I have been trying hard to write this column and I am almost certain that I will not be able to do justice to an occasion so loaded with pain for millions of Iraqis, Arabs and all decent people around the world.

The readers of Gulf News are aware that I write about matters related to oil and energy in general. Although I will touch on those here, I cannot allow the tenth “anniversary” of the invasion and occupation of Iraq, falsely called “operation Iraqi freedom” pass without having my say.

The internet is full of articles in all languages about the occasion and I must have read more than a hundred of these and although the greater majority of them are critical of the war and its impact on the Iraqis and the region, they fall short of outright condemnation though some call it a crime and illegal. Iraqis are disappointed with those still discussing the technicality of the decision to go to war on flimsy evidence about weapons of mass destruction and connections to Al Qaida that turned out to be purported and totally false without the slightest shame on those who claimed them. Personally, I am most incensed by those who call it a mistake after ten years of analyses and disastrous results and hundreds of thousands of dead and injured and the destruction of a functioning country.

Suffering

I do not intend to quote from the reports, articles and analyses I read about the occasion as it is becoming well known that Iraq is suffering from intense violence and serial murders by silent guns. Only a few days ago, as if to remind the Iraqis of the occasion, twenty explosions mostly in Baghdad rocked the country and claimed two hundred and fifty casualties. I do not believe there are many Iraqis who have not been affected terribly by the mayhem of the last ten years. Open the subject and hear the stories of the loved ones that are no more, the friends that disappeared without a trace, the doctors, engineers, officers, university professors, advocates and judges and all professionals that were killed in broad day light to empty the country of its most needed power and make it dependent on others.

Talk about services and ten years after the “freedom” and billions of dollars spent, Iraqis get intermittent supply of clean water and 25 per cent of them do not get it at all. As for electricity, “here the tears pour” as the Iraqis would say where in 2012 Iraq did not generate half the electricity it needed. In 2010, the economic losses due to the shortage of electricity were estimated at $40 billion (Dh146.8 billion) apart from the enormous human suffering. The health and education systems are no better and unemployment is about 30 per cent especially among university and institutes graduates. One wonders where the hundreds of billions in oil revenue earned in the last few years have gone?

Sectarian violence

The country is fragmented by sectarian strife, nonexistent before 2003 and ethnic differences are threatening violence more than resolution. Hundreds of thousands of people have been on the streets in some governorates in the last three months demanding justice for thousands of men and women who are detained without charges or trials, some of them for many years. Human rights are not observed neither by the occupation or the governments and institutions that followed and democracy and the rule of law have become strictly slogans without substance.
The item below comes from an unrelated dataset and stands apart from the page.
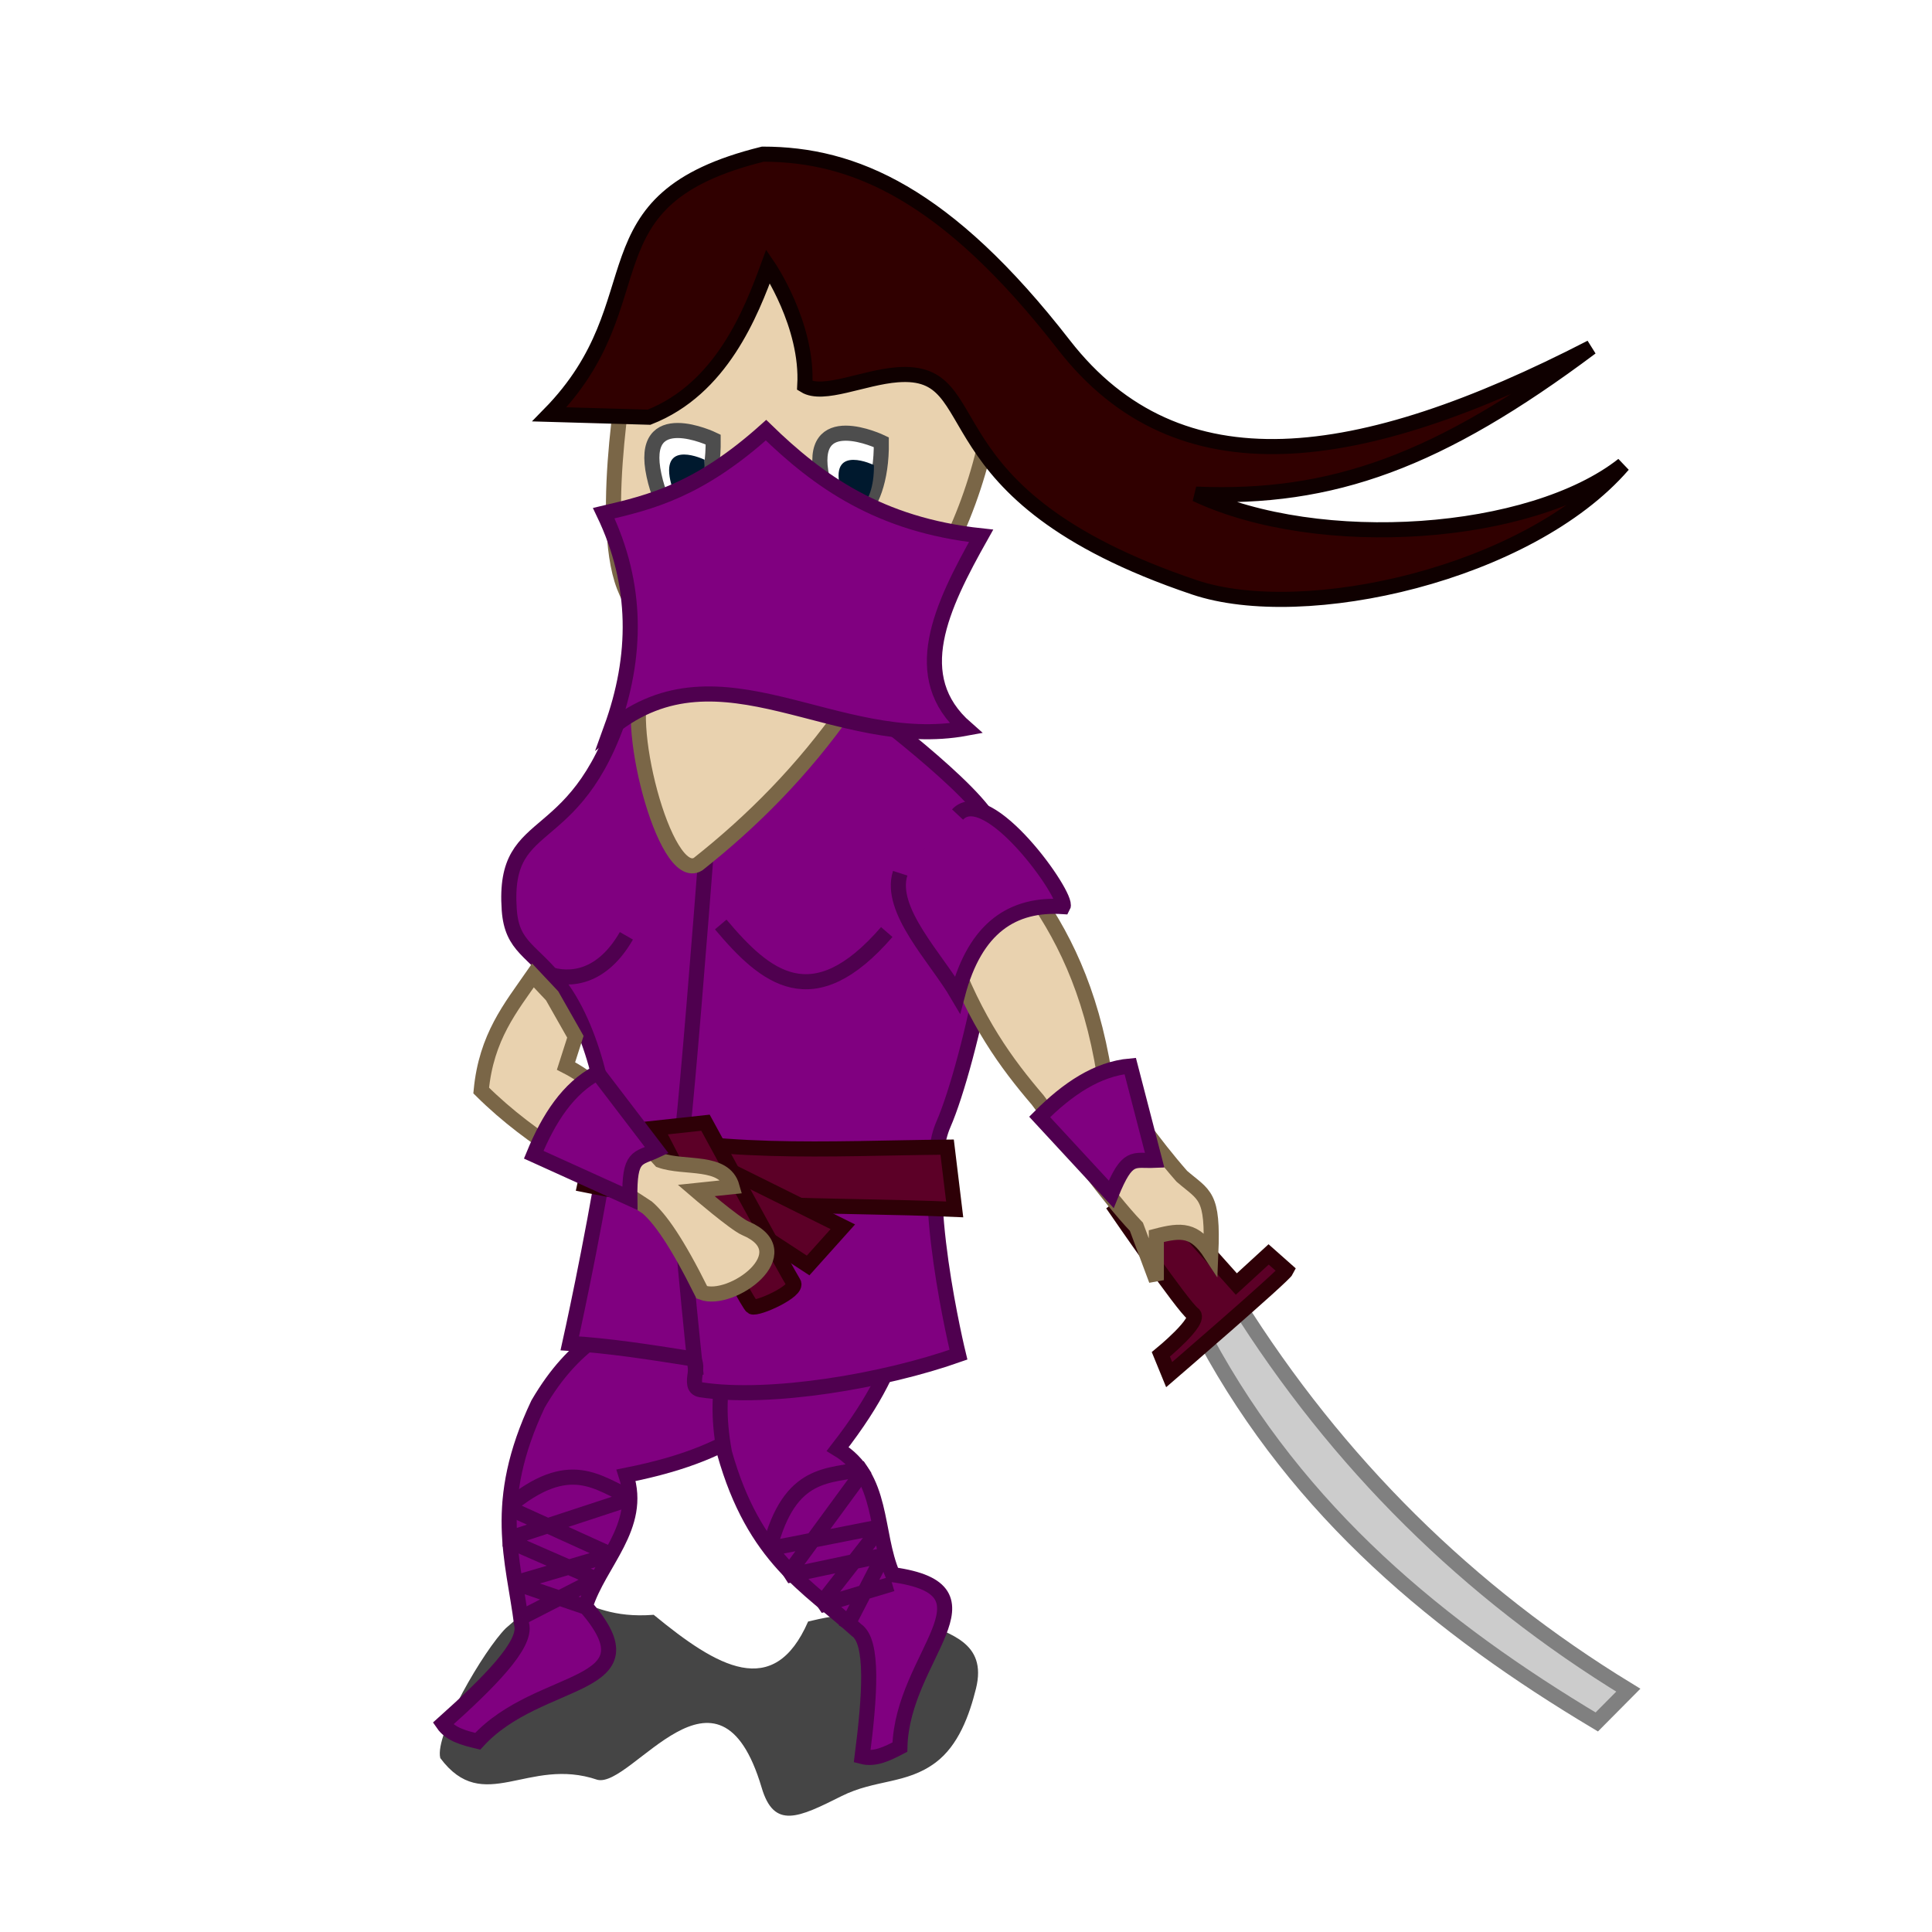 <svg xmlns="http://www.w3.org/2000/svg" viewBox="0 0 128 128" version="1.0"><defs><filter id="a" height="1.653" width="1.25" y="-.327" x="-.125"><feGaussianBlur stdDeviation="1.963"/></filter></defs><path d="M523.31 24.985c-5.46.423-5.13-3.259-9.8.89-1.42 1.413-4.74 7.037-4.34 8.601 2.87 3.851 5.81-.128 10.41 1.44 2.28.569 8.02-9.103 10.88.514.82 2.78 2.43 2.002 5.3.564 2.23-1.116 4.29-.772 6.23-2.224 1.51-1.134 2.23-3.124 2.67-4.892.78-3.136-1.88-3.607-3.56-4.448-2.16-1.08-5.91-.413-7.56 0-2.28 5.227-6.01 3.027-10.23-.445z" filter="url(#a)" fill-rule="evenodd" fill-opacity=".728" transform="translate(-480 82)"/><path d="M107.88 111.978l-2.09 2.106c-10.38-6.209-19.68-13.797-25.91-25.315l2.05-2.492c6.68 10.655 15.33 19.222 25.95 25.701z" fill-rule="evenodd" stroke="gray" fill="#ccc"/><path d="M85.23 84.154c-.19.389-7.77 6.919-7.77 6.919l-.55-1.344s2.76-2.26 2.13-2.686c-.63-.426-5.07-6.88-5.07-6.88l2.1-1.624 5.84 6.531 2.14-1.962 1.18 1.046z" fill-rule="evenodd" stroke="#2e0007" fill="#5c0027"/><path d="M41.7 23.294s-2.12 10.961-.35 15.557c1.76 4.596 7.77 7.071 14.49 4.949 6.72-2.121 12.38-17.677 9.19-25.102-3.18-7.424-25.45-2.475-23.33 4.596z" fill-rule="evenodd" stroke="#7a6647" fill="#e9d2af"/><path d="M50.54 10.213c-12.24 3.021-6.71 9.656-14.14 17.238l6.6.19c4.78-1.874 6.75-6.888 7.89-10.003 0 0 2.66 3.893 2.43 7.906 1.22.752 3.88-.543 6.13-.714 6.35-.484 1.36 7.908 19.68 14.081 7.3 2.461 22.16-.899 28.4-8.114-6.09 4.795-20.09 5.79-28.3 1.94 9.05.385 16.13-2.196 26.18-9.718-15.43 7.949-27.34 9.592-34.92-.164-7.79-10.033-13.94-12.642-19.95-12.642z" fill-rule="evenodd" stroke="#0f0000" fill="#300000"/><path d="M47.25 29.12s-4.96-2.388-3.92 2.377c1.03 4.765 3.99 2.626 3.92-2.377zM58.39 29.297s-4.97-2.388-3.93 2.377c1.04 4.764 3.99 2.626 3.93-2.377z" fill-rule="evenodd" stroke="#4d4d4d" fill="#fff"/><path d="M42.94 85.94c-2.43 2.328-4.79 2.798-7.29 7.075-3.11 6.582-1.63 10.299-1.09 14.61.35 1.327-2.15 3.834-5.21 6.572.49.713 1.39.947 2.3 1.166 4.08-4.472 12.02-3.342 7.13-8.946.91-2.888 3.81-5.269 2.7-8.676 8.31-1.645 9.1-4.409 13.53-6.632L42.94 85.94z" fill-rule="evenodd" stroke="#4f004f" fill="purple"/><path d="M48.88 86.125c-.32 3.351-1.79 5.25-.88 10.125 1.97 7.007 5.52 8.843 8.75 11.75 1.13.773.89 4.304.37 8.375.84.22 1.67-.192 2.5-.625.15-6.048 6.9-10.402-.48-11.426-1.2-2.782-.57-6.477-3.64-8.324 5.2-6.689 3.99-9.296 5.88-13.875l-12.5 4z" fill-rule="evenodd" stroke="#4f004f" fill="purple"/><path d="M56.25 46s7.5 5.5 9.25 8.25-1.25 16.25-3 20.25 1 15.25 1 15.25c-4.94 1.748-12.5 3.029-17.08 2.324-.99-.152.26-1.923-.74-2.08-2.64-.416-5.29-.836-7.93-.994 0 0 1.44-6.443 2.5-13 .25-1.53-.68-7.487-3.2-10.768-1.76-2.304-3.13-2.441-3.31-4.944-.48-6.744 4.72-3.514 7.76-14.288 0 0 12.25-1.25 14.75 0z" fill-rule="evenodd" stroke="#4f004f" fill="purple"/><path d="M47.62 45.5s-2.24 30.375-2.62 31 1.12 14.625 1.12 14.625" stroke="#4f004f" fill="none"/><path d="M42.75 45.375c-1.58 1.779 1.25 13.262 3.5 11.875 3.6-2.847 6.94-6.197 9.87-10.375l-13.37-1.5z" fill-rule="evenodd" stroke="#7a6647" fill="#e9d2af"/><path d="M46.68 30.458s-2.86-1.377-2.27 1.371c.6 2.748 2.31 1.515 2.27-1.371zM57.9 30.812s-2.86-1.378-2.26 1.371c.6 2.748 2.3 1.514 2.26-1.371z" fill-rule="evenodd" fill="#00192e"/><path d="M40 34c3.14-.734 6.3-1.508 10.75-5.5 3.46 3.364 7.49 6.276 14.25 7-2.65 4.714-4.89 9.345-1 12.75-8.6 1.589-16.25-5.83-23.5 0 1.72-4.75 1.78-9.5-.5-14.25zM47.75 61.25c2.95 3.503 6.08 6.18 11 .5M36.25 64.5c1.58.552 3.67.25 5.25-2.5" fill-rule="evenodd" stroke="#4f004f" fill="purple"/><path d="M39.5 74.5c7.51 2.148 15.42 1.569 23.25 1.5l.5 4.125c-7.92-.348-16.58.002-24.5-1.625.42-1.86.33-2.783.75-4z" fill-rule="evenodd" stroke="#2e0007" fill="#5c0027"/><path d="M38.88 106.5l-4.76-1.625L40.5 103l-6.88-3.125c4.16-3.492 6-1.575 8.26-.625L33.5 102l6 2.625-4.88 2.5M59.11 104.935l-4.81 1.444 4.09-5.235-7.41 1.46c1.35-5.259 3.96-4.77 6.35-5.31l-5.21 7.111 6.41-1.358-2.51 4.87" stroke-linejoin="bevel" fill-rule="evenodd" stroke="#4f004f" fill="purple"/><path d="M68.13 58.738c2.22 3.06 4.13 6.753 5.04 12.463 1.66 2.244 3.16 4.487 5.13 6.731 1.5 1.292 2.09 1.185 1.92 5.133-1.07-1.633-1.94-1.606-3.61-1.17v2.918l-1.32-3.536c-1.93-2.028-4.32-5.46-6.54-8.397-2.07-2.424-4.1-5.171-5.84-9.899l5.22-4.243z" fill-rule="evenodd" stroke="#7a6647" fill="#e9d2af"/><path d="M63.44 53.965c2-2.143 7.37 5.419 6.99 6.099-3.3-.212-5.81 1.339-6.99 5.834-1.43-2.446-4.58-5.598-3.8-8.044" fill-rule="evenodd" stroke="#4f004f" fill="purple"/><path d="M43.2 75.002l-.62 1.679 10.96 7.16 2.3-2.564-12.64-6.275z" fill-rule="evenodd" stroke="#2e0007" fill="#5c0027"/><path d="M43.47 74.736s6.01 11.667 6.36 11.844c.35.177 3.09-1.06 2.74-1.59-.35-.53-5.83-10.608-5.83-10.608l-3.27.354z" fill-rule="evenodd" stroke="#2e0007" fill="#5c0027"/><path d="M35.31 64.625c-1.47 2.122-3.09 4.059-3.43 7.625 3.53 3.503 7.31 5.294 11 7.75.84.726 1.94 2.243 3.62 5.625 1.95.754 6.66-2.653 2.88-4.25-.68-.284-3.26-2.5-3.26-2.5l2.38-.25c-.51-1.813-3.16-1.178-4.75-1.75-1.99-2.137-3.22-4.706-6.25-6.25l.62-1.937-1.54-2.713-1.27-1.35z" fill-rule="evenodd" stroke="#7a6647" fill="#e9d2af"/><path d="M76.5 76.875l-1.62-6.25c-2.19.195-4.15 1.519-6 3.375l4.74 5.125c1.09-2.69 1.47-2.19 2.88-2.25zM43.51 76.203l-3.92-5.134c-1.94 1.026-3.23 3.005-4.23 5.434l6.37 2.887c-.04-2.9.5-2.584 1.78-3.187z" fill-rule="evenodd" stroke="#4f004f" fill="purple"/></svg>

So where is the bright spot of the “operation Iraq freedom”? The multitude of conferences and the majority of their distinguished speakers are suggesting falsely that the oil industry of Iraq may be the success story among a sea of failures. But is this true?

Yes Iraq crude oil production increased from about 2.0 million barrels a day (mbd) in 2002 to 2.94mbd in 2012 but still short of any promised target or a past record. Production was 2.5mbd in 2001 and was constrained by the whims and wishes of the sanctions committee of the UN. The increase therefore came at a great expense and after the wholesale of the oil fields to the international oil companies and the curtailment of Iraq own operating companies. Iraq natural gas production in 2012 was 21.3 billion cubic meters but only half of it was used and the rest went up in smoke while power stations are crying out loud for it and using expensive liquid fuel instead. The refineries are barely working at 70 per cent and Iraq had to import almost 100,000 barrels a day of light products in 2012. The Iraqi oil industry has a long way to go before it can be counted as a success story.

The only success story is that the occupation forces were not received by the Iraqis with sweets and roses and forced to leave well before they intended and now is the turn of Iraqis to correct their awful legacy.